● **What you have to do**
No image is to be carried over; reproduce the rest of the listing word for word.

(Material shown Opens)

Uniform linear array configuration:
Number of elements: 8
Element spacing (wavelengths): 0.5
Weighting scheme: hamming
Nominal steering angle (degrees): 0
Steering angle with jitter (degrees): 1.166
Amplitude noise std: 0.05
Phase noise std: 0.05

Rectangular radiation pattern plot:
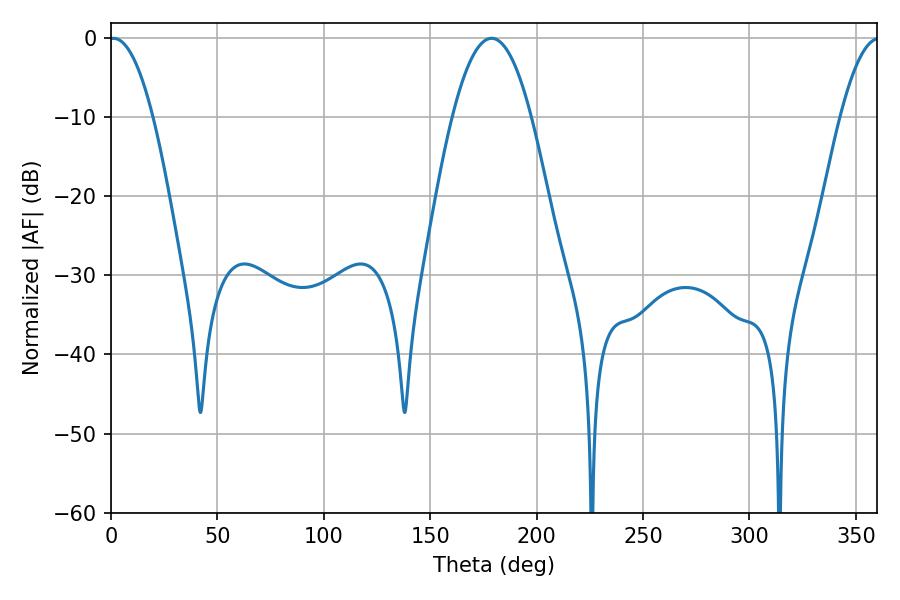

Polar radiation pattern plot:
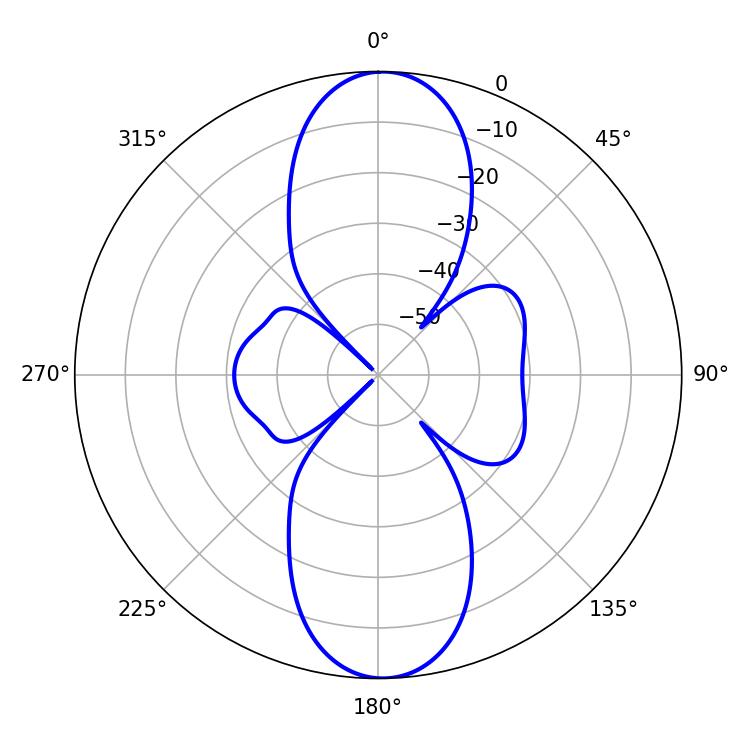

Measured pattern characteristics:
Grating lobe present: FALSE
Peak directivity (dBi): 21.172
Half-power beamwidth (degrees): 11.34
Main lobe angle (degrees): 1.08
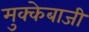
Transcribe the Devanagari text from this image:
मुक्‍केबाजी
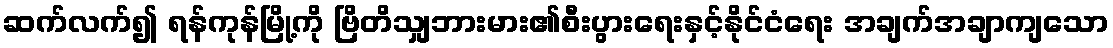
ဆက်လက်၍ ရန်ကုန်မြို့ကို ဗြိတိသျှဘားမား၏စီးပွားရေးနှင့်နိုင်ငံရေး အချက်အချာကျသော
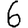
Digit: 6
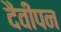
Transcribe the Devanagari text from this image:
दैवीपन
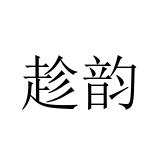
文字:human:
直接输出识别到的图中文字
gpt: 趁韵
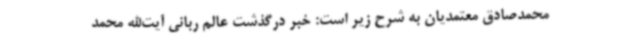
محمدصادق معتمدیان به شرح زیر است: خبر درگذشت عالم ربانی آیت‌الله محمد
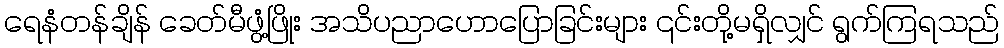
ရေနံတန်ချိန် ခေတ်မီဖွံ့ဖြိုး အသိပညာဟောပြောခြင်းများ ၎င်းတို့မရှိလျှင် ရွက်ကြရသည်
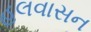
હલવાસન
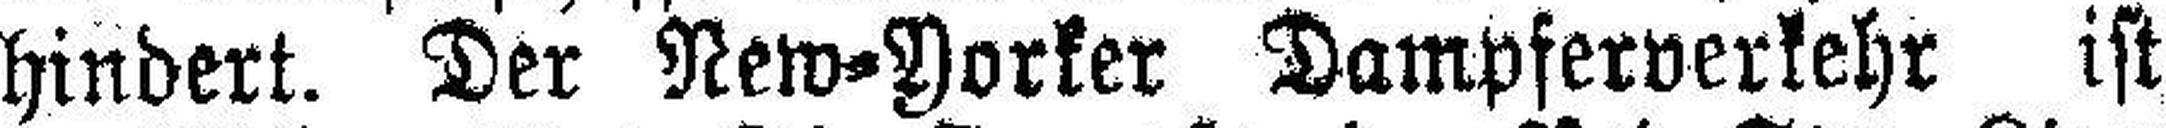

(Material shown Closes)

● **Answer for the task**
Uniform linear array configuration:
Number of elements: 8
Element spacing (wavelengths): 0.5
Weighting scheme: hamming
Nominal steering angle (degrees): 0
Steering angle with jitter (degrees): 1.166
Amplitude noise std: 0.05
Phase noise std: 0.05

Rectangular radiation pattern plot:

Polar radiation pattern plot:

Measured pattern characteristics:
Grating lobe present: FALSE
Peak directivity (dBi): 21.172
Half-power beamwidth (degrees): 11.34
Main lobe angle (degrees): 1.08
Transcribe the Devanagari text from this image:
मुक्‍केबाजी
ဆက်လက်၍ ရန်ကုန်မြို့ကို ဗြိတိသျှဘားမား၏စီးပွားရေးနှင့်နိုင်ငံရေး အချက်အချာကျသော
Digit: 6
Transcribe the Devanagari text from this image:
दैवीपन
文字:human:
直接输出识别到的图中文字
gpt: 趁韵
محمدصادق معتمدیان به شرح زیر است: خبر درگذشت عالم ربانی آیت‌الله محمد
ရေနံတန်ချိန် ခေတ်မီဖွံ့ဖြိုး အသိပညာဟောပြောခြင်းများ ၎င်းတို့မရှိလျှင် ရွက်ကြရသည်
હલવાસન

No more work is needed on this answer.